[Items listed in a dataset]
____________________

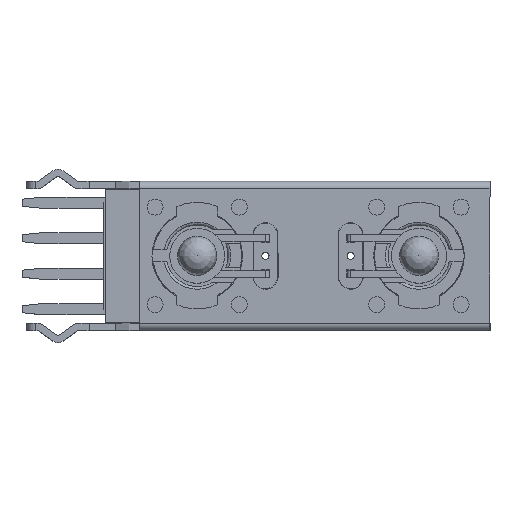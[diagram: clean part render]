
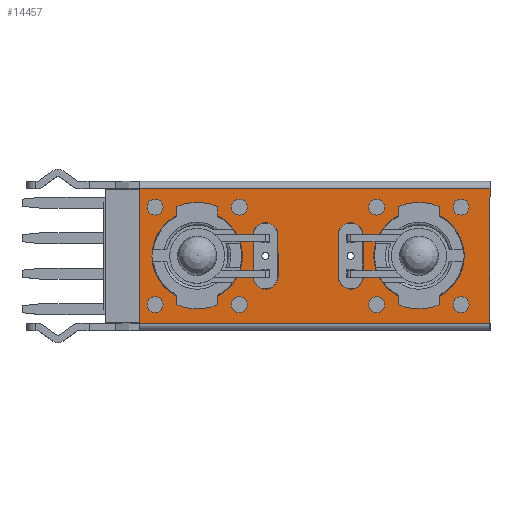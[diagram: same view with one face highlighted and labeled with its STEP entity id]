
A CAD part, top view. The second image highlights one B-rep face of the part: STEP entity #14457.
In plain terms, the highlighted planar face has unit normal (0, 0, 1).
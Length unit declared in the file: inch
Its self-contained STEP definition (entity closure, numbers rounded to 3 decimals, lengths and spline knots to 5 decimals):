
#9340=CARTESIAN_POINT('',(0.17913,0.0464,0.13346));
#9341=VERTEX_POINT('',#9340);
#9348=CARTESIAN_POINT('',(0.12402,0.04612,0.13346));
#9349=VERTEX_POINT('',#9348);
#9350=CARTESIAN_POINT('',(0.15157,0.04626,0.13346));
#9351=DIRECTION('',(0.0,0.0,-1.0));
#9352=DIRECTION('',(1.,0.005,0.0));
#9353=AXIS2_PLACEMENT_3D('',#9350,#9351,#9352);
#9354=CIRCLE('',#9353,0.02756);
#9355=EDGE_CURVE('',#9349,#9341,#9354,.T.);
#9416=CARTESIAN_POINT('',(0.36811,0.0464,0.13346));
#9417=VERTEX_POINT('',#9416);
#9424=CARTESIAN_POINT('',(0.31299,0.04612,0.13346));
#9425=VERTEX_POINT('',#9424);
#9426=CARTESIAN_POINT('',(0.34055,0.04626,0.13346));
#9427=DIRECTION('',(0.0,0.0,-1.0));
#9428=DIRECTION('',(1.,0.005,0.0));
#9429=AXIS2_PLACEMENT_3D('',#9426,#9427,#9428);
#9430=CIRCLE('',#9429,0.02756);
#9431=EDGE_CURVE('',#9425,#9417,#9430,.T.);
#9625=CARTESIAN_POINT('',(0.12451,-0.05307,0.13346));
#9626=VERTEX_POINT('',#9625);
#9627=CARTESIAN_POINT('',(0.12451,-0.05307,0.13346));
#9628=DIRECTION('',(-0.005,1.,0.0));
#9629=VECTOR('',#9628,0.09919);
#9630=LINE('',#9627,#9629);
#9631=EDGE_CURVE('',#9626,#9349,#9630,.T.);
#9665=CARTESIAN_POINT('',(0.1796,-0.04566,0.13346));
#9666=VERTEX_POINT('',#9665);
#9667=CARTESIAN_POINT('',(0.15157,-0.0458,0.13346));
#9668=DIRECTION('',(0.0,0.0,-1.0));
#9669=DIRECTION('',(-0.966,-0.259,0.0));
#9670=AXIS2_PLACEMENT_3D('',#9667,#9668,#9669);
#9671=CIRCLE('',#9670,0.02802);
#9672=EDGE_CURVE('',#9666,#9626,#9671,.T.);
#9706=CARTESIAN_POINT('',(0.17913,0.0464,0.13346));
#9707=DIRECTION('',(0.005,-1.,0.0));
#9708=VECTOR('',#9707,0.09206);
#9709=LINE('',#9706,#9708);
#9710=EDGE_CURVE('',#9341,#9666,#9709,.T.);
#9729=CARTESIAN_POINT('',(0.36857,-0.04566,0.13346));
#9730=VERTEX_POINT('',#9729);
#9737=CARTESIAN_POINT('',(0.36811,0.0464,0.13346));
#9738=DIRECTION('',(0.005,-1.,0.0));
#9739=VECTOR('',#9738,0.09206);
#9740=LINE('',#9737,#9739);
#9741=EDGE_CURVE('',#9417,#9730,#9740,.T.);
#9754=CARTESIAN_POINT('',(0.31349,-0.05307,0.13346));
#9755=VERTEX_POINT('',#9754);
#9756=CARTESIAN_POINT('',(0.31349,-0.05307,0.13346));
#9757=DIRECTION('',(-0.005,1.,0.0));
#9758=VECTOR('',#9757,0.09919);
#9759=LINE('',#9756,#9758);
#9760=EDGE_CURVE('',#9755,#9425,#9759,.T.);
#9786=CARTESIAN_POINT('',(0.34055,-0.0458,0.13346));
#9787=DIRECTION('',(0.0,0.0,-1.0));
#9788=DIRECTION('',(-0.966,-0.259,0.0));
#9789=AXIS2_PLACEMENT_3D('',#9786,#9787,#9788);
#9790=CIRCLE('',#9789,0.02802);
#9791=EDGE_CURVE('',#9730,#9755,#9790,.T.);
#12568=CARTESIAN_POINT('',(0.,-0.10039,0.13346));
#12569=VERTEX_POINT('',#12568);
#12570=CARTESIAN_POINT('',(0.,0.,0.13346));
#12571=DIRECTION('',(0.0,0.0,-1.0));
#12572=DIRECTION('',(0.0,1.0,0.0));
#12573=AXIS2_PLACEMENT_3D('',#12570,#12571,#12572);
#12574=CIRCLE('',#12573,0.10039);
#12575=EDGE_CURVE('',#12569,#12569,#12574,.T.);
#12595=CARTESIAN_POINT('',(0.49213,-0.10039,0.13346));
#12596=VERTEX_POINT('',#12595);
#12597=CARTESIAN_POINT('',(0.49213,0.,0.13346));
#12598=DIRECTION('',(0.0,0.0,-1.0));
#12599=DIRECTION('',(0.0,1.0,0.0));
#12600=AXIS2_PLACEMENT_3D('',#12597,#12598,#12599);
#12601=CIRCLE('',#12600,0.10039);
#12602=EDGE_CURVE('',#12596,#12596,#12601,.T.);
#12978=CARTESIAN_POINT('',(-0.12776,-0.14957,0.13346));
#12979=VERTEX_POINT('',#12978);
#12987=CARTESIAN_POINT('',(-0.12776,0.14957,0.13346));
#12988=VERTEX_POINT('',#12987);
#12989=CARTESIAN_POINT('',(-0.12776,-0.14957,0.13346));
#12990=DIRECTION('',(0.0,1.0,0.0));
#12991=VECTOR('',#12990,0.29913);
#12992=LINE('',#12989,#12991);
#12993=EDGE_CURVE('',#12979,#12988,#12992,.T.);
#13030=CARTESIAN_POINT('',(0.6498,0.14957,0.13346));
#13031=VERTEX_POINT('',#13030);
#13039=CARTESIAN_POINT('',(0.6498,-0.14957,0.13346));
#13040=VERTEX_POINT('',#13039);
#13041=CARTESIAN_POINT('',(0.6498,0.14957,0.13346));
#13042=DIRECTION('',(0.0,-1.0,0.0));
#13043=VECTOR('',#13042,0.29913);
#13044=LINE('',#13041,#13043);
#13045=EDGE_CURVE('',#13031,#13040,#13044,.T.);
#14289=CARTESIAN_POINT('',(0.6498,0.14957,0.13346));
#14290=DIRECTION('',(-1.0,0.0,0.0));
#14291=VECTOR('',#14290,0.77756);
#14292=LINE('',#14289,#14291);
#14293=EDGE_CURVE('',#13031,#12988,#14292,.T.);
#14318=CARTESIAN_POINT('',(-0.12776,-0.14957,0.13346));
#14319=DIRECTION('',(1.0,0.0,0.0));
#14320=VECTOR('',#14319,0.77756);
#14321=LINE('',#14318,#14320);
#14322=EDGE_CURVE('',#12979,#13040,#14321,.T.);
#14340=CARTESIAN_POINT('',(-0.16663,0.16452,0.13346));
#14341=DIRECTION('',(0.0,0.0,1.0));
#14342=DIRECTION('',(1.0,0.0,0.0));
#14343=AXIS2_PLACEMENT_3D('',#14340,#14341,#14342);
#14344=PLANE('',#14343);
#14345=ORIENTED_EDGE('',*,*,#14293,.T.);
#14346=ORIENTED_EDGE('',*,*,#12993,.F.);
#14347=ORIENTED_EDGE('',*,*,#14322,.T.);
#14348=ORIENTED_EDGE('',*,*,#13045,.F.);
#14349=EDGE_LOOP('',(#14345,#14346,#14347,#14348));
#14350=FACE_OUTER_BOUND('',#14349,.T.);
#14351=ORIENTED_EDGE('',*,*,#9710,.T.);
#14352=ORIENTED_EDGE('',*,*,#9672,.T.);
#14353=ORIENTED_EDGE('',*,*,#9631,.T.);
#14354=ORIENTED_EDGE('',*,*,#9355,.T.);
#14355=EDGE_LOOP('',(#14351,#14352,#14353,#14354));
#14356=FACE_BOUND('',#14355,.T.);
#14357=ORIENTED_EDGE('',*,*,#9760,.T.);
#14358=ORIENTED_EDGE('',*,*,#9431,.T.);
#14359=ORIENTED_EDGE('',*,*,#9741,.T.);
#14360=ORIENTED_EDGE('',*,*,#9791,.T.);
#14361=EDGE_LOOP('',(#14357,#14358,#14359,#14360));
#14362=FACE_BOUND('',#14361,.T.);
#14363=ORIENTED_EDGE('',*,*,#12575,.T.);
#14364=EDGE_LOOP('',(#14363));
#14365=FACE_BOUND('',#14364,.T.);
#14366=CARTESIAN_POINT('',(0.39862,-0.12598,0.13346));
#14367=VERTEX_POINT('',#14366);
#14368=CARTESIAN_POINT('',(0.39862,-0.10827,0.13346));
#14369=DIRECTION('',(0.0,0.0,1.0));
#14370=DIRECTION('',(1.0,0.0,0.0));
#14371=AXIS2_PLACEMENT_3D('',#14368,#14369,#14370);
#14372=CIRCLE('',#14371,0.01772);
#14373=EDGE_CURVE('',#14367,#14367,#14372,.T.);
#14374=ORIENTED_EDGE('',*,*,#14373,.F.);
#14375=EDGE_LOOP('',(#14374));
#14376=FACE_BOUND('',#14375,.T.);
#14377=CARTESIAN_POINT('',(0.39862,0.09055,0.13346));
#14378=VERTEX_POINT('',#14377);
#14379=CARTESIAN_POINT('',(0.39862,0.10827,0.13346));
#14380=DIRECTION('',(0.0,0.0,1.0));
#14381=DIRECTION('',(1.0,0.0,0.0));
#14382=AXIS2_PLACEMENT_3D('',#14379,#14380,#14381);
#14383=CIRCLE('',#14382,0.01772);
#14384=EDGE_CURVE('',#14378,#14378,#14383,.T.);
#14385=ORIENTED_EDGE('',*,*,#14384,.F.);
#14386=EDGE_LOOP('',(#14385));
#14387=FACE_BOUND('',#14386,.T.);
#14388=CARTESIAN_POINT('',(0.0935,-0.12598,0.13346));
#14389=VERTEX_POINT('',#14388);
#14390=CARTESIAN_POINT('',(0.0935,-0.10827,0.13346));
#14391=DIRECTION('',(0.0,0.0,1.0));
#14392=DIRECTION('',(-1.0,0.0,0.0));
#14393=AXIS2_PLACEMENT_3D('',#14390,#14391,#14392);
#14394=CIRCLE('',#14393,0.01772);
#14395=EDGE_CURVE('',#14389,#14389,#14394,.T.);
#14396=ORIENTED_EDGE('',*,*,#14395,.F.);
#14397=EDGE_LOOP('',(#14396));
#14398=FACE_BOUND('',#14397,.T.);
#14399=CARTESIAN_POINT('',(0.0935,0.09055,0.13346));
#14400=VERTEX_POINT('',#14399);
#14401=CARTESIAN_POINT('',(0.0935,0.10827,0.13346));
#14402=DIRECTION('',(0.0,0.0,1.0));
#14403=DIRECTION('',(-1.0,0.0,0.0));
#14404=AXIS2_PLACEMENT_3D('',#14401,#14402,#14403);
#14405=CIRCLE('',#14404,0.01772);
#14406=EDGE_CURVE('',#14400,#14400,#14405,.T.);
#14407=ORIENTED_EDGE('',*,*,#14406,.F.);
#14408=EDGE_LOOP('',(#14407));
#14409=FACE_BOUND('',#14408,.T.);
#14410=CARTESIAN_POINT('',(-0.0935,0.09055,0.13346));
#14411=VERTEX_POINT('',#14410);
#14412=CARTESIAN_POINT('',(-0.0935,0.10827,0.13346));
#14413=DIRECTION('',(0.0,0.0,1.0));
#14414=DIRECTION('',(-1.0,0.0,0.0));
#14415=AXIS2_PLACEMENT_3D('',#14412,#14413,#14414);
#14416=CIRCLE('',#14415,0.01772);
#14417=EDGE_CURVE('',#14411,#14411,#14416,.T.);
#14418=ORIENTED_EDGE('',*,*,#14417,.F.);
#14419=EDGE_LOOP('',(#14418));
#14420=FACE_BOUND('',#14419,.T.);
#14421=CARTESIAN_POINT('',(-0.0935,-0.12598,0.13346));
#14422=VERTEX_POINT('',#14421);
#14423=CARTESIAN_POINT('',(-0.0935,-0.10827,0.13346));
#14424=DIRECTION('',(0.0,0.0,1.0));
#14425=DIRECTION('',(-1.0,0.0,0.0));
#14426=AXIS2_PLACEMENT_3D('',#14423,#14424,#14425);
#14427=CIRCLE('',#14426,0.01772);
#14428=EDGE_CURVE('',#14422,#14422,#14427,.T.);
#14429=ORIENTED_EDGE('',*,*,#14428,.F.);
#14430=EDGE_LOOP('',(#14429));
#14431=FACE_BOUND('',#14430,.T.);
#14432=CARTESIAN_POINT('',(0.58563,0.09055,0.13346));
#14433=VERTEX_POINT('',#14432);
#14434=CARTESIAN_POINT('',(0.58563,0.10827,0.13346));
#14435=DIRECTION('',(0.0,0.0,1.0));
#14436=DIRECTION('',(1.0,0.0,0.0));
#14437=AXIS2_PLACEMENT_3D('',#14434,#14435,#14436);
#14438=CIRCLE('',#14437,0.01772);
#14439=EDGE_CURVE('',#14433,#14433,#14438,.T.);
#14440=ORIENTED_EDGE('',*,*,#14439,.F.);
#14441=EDGE_LOOP('',(#14440));
#14442=FACE_BOUND('',#14441,.T.);
#14443=CARTESIAN_POINT('',(0.58563,-0.12598,0.13346));
#14444=VERTEX_POINT('',#14443);
#14445=CARTESIAN_POINT('',(0.58563,-0.10827,0.13346));
#14446=DIRECTION('',(0.0,0.0,1.0));
#14447=DIRECTION('',(1.0,0.0,0.0));
#14448=AXIS2_PLACEMENT_3D('',#14445,#14446,#14447);
#14449=CIRCLE('',#14448,0.01772);
#14450=EDGE_CURVE('',#14444,#14444,#14449,.T.);
#14451=ORIENTED_EDGE('',*,*,#14450,.F.);
#14452=EDGE_LOOP('',(#14451));
#14453=FACE_BOUND('',#14452,.T.);
#14454=ORIENTED_EDGE('',*,*,#12602,.T.);
#14455=EDGE_LOOP('',(#14454));
#14456=FACE_BOUND('',#14455,.T.);
#14457=ADVANCED_FACE('',(#14350,#14356,#14362,#14365,#14376,#14387,#14398,#14409,#14420,#14431,#14442,#14453,#14456),#14344,.T.);

____________________

[About this task]
When the line with "#9354=CIRCLE('',#9353,0.02756);" is reached in the data above, start copying there, and copy each line exactly until the line with "#9429=AXIS2_PLACEMENT_3D('',#9426,#9427,#9428);" has been copied; copy nothing else.

[Reply]
#9354=CIRCLE('',#9353,0.02756);
#9355=EDGE_CURVE('',#9349,#9341,#9354,.T.);
#9416=CARTESIAN_POINT('',(0.36811,0.0464,0.13346));
#9417=VERTEX_POINT('',#9416);
#9424=CARTESIAN_POINT('',(0.31299,0.04612,0.13346));
#9425=VERTEX_POINT('',#9424);
#9426=CARTESIAN_POINT('',(0.34055,0.04626,0.13346));
#9427=DIRECTION('',(0.0,0.0,-1.0));
#9428=DIRECTION('',(1.,0.005,0.0));
#9429=AXIS2_PLACEMENT_3D('',#9426,#9427,#9428);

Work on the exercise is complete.